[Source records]

--------------------

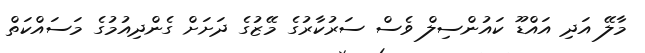
މާލޭ އަދި އައްޑޫ ކައުންސިލް ވެސް ސަރުކާރުގެ މޭޒުގެ ދަށަށް ގެންދިއުމުގެ މަސައްކަތް
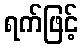
ရက်ဖြင့်
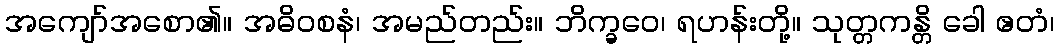
အကျော်အစော၏။ အဓိဝစနံ၊ အမည်တည်း။ ဘိက္ခဝေ၊ ရဟန်းတို့။ သုတ္တကန္တိ ခေါ ဧတံ၊
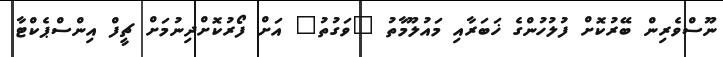
ނޫސްވެރިން ބޭރުކޮށް ފުލުހުންގެ ޚަބަރާއި މައުލޫމާތު "ވަގުތު" އަށް ފޯރުކޮށްދިނުމަށް ޗީފް އިންސްޕެކްޓާ
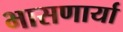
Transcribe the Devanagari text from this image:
भासणार्या
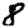
Digit: 8
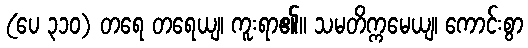
(ပေ ၃၁၀) တရေ တရေယျ၊ ကူးရာ၏။ သမတိက္ကမေယျ၊ ကောင်းစွာ

--------------------

_To do_
A word-for-word copy of the data above is needed, one that omits the pictures.

_Output for this exercise_
މާލޭ އަދި އައްޑޫ ކައުންސިލް ވެސް ސަރުކާރުގެ މޭޒުގެ ދަށަށް ގެންދިއުމުގެ މަސައްކަތް
ရက်ဖြင့်
အကျော်အစော၏။ အဓိဝစနံ၊ အမည်တည်း။ ဘိက္ခဝေ၊ ရဟန်းတို့။ သုတ္တကန္တိ ခေါ ဧတံ၊
ނޫސްވެރިން ބޭރުކޮށް ފުލުހުންގެ ޚަބަރާއި މައުލޫމާތު "ވަގުތު" އަށް ފޯރުކޮށްދިނުމަށް ޗީފް އިންސްޕެކްޓާ
Transcribe the Devanagari text from this image:
भासणार्या
Digit: 8
(ပေ ၃၁၀) တရေ တရေယျ၊ ကူးရာ၏။ သမတိက္ကမေယျ၊ ကောင်းစွာ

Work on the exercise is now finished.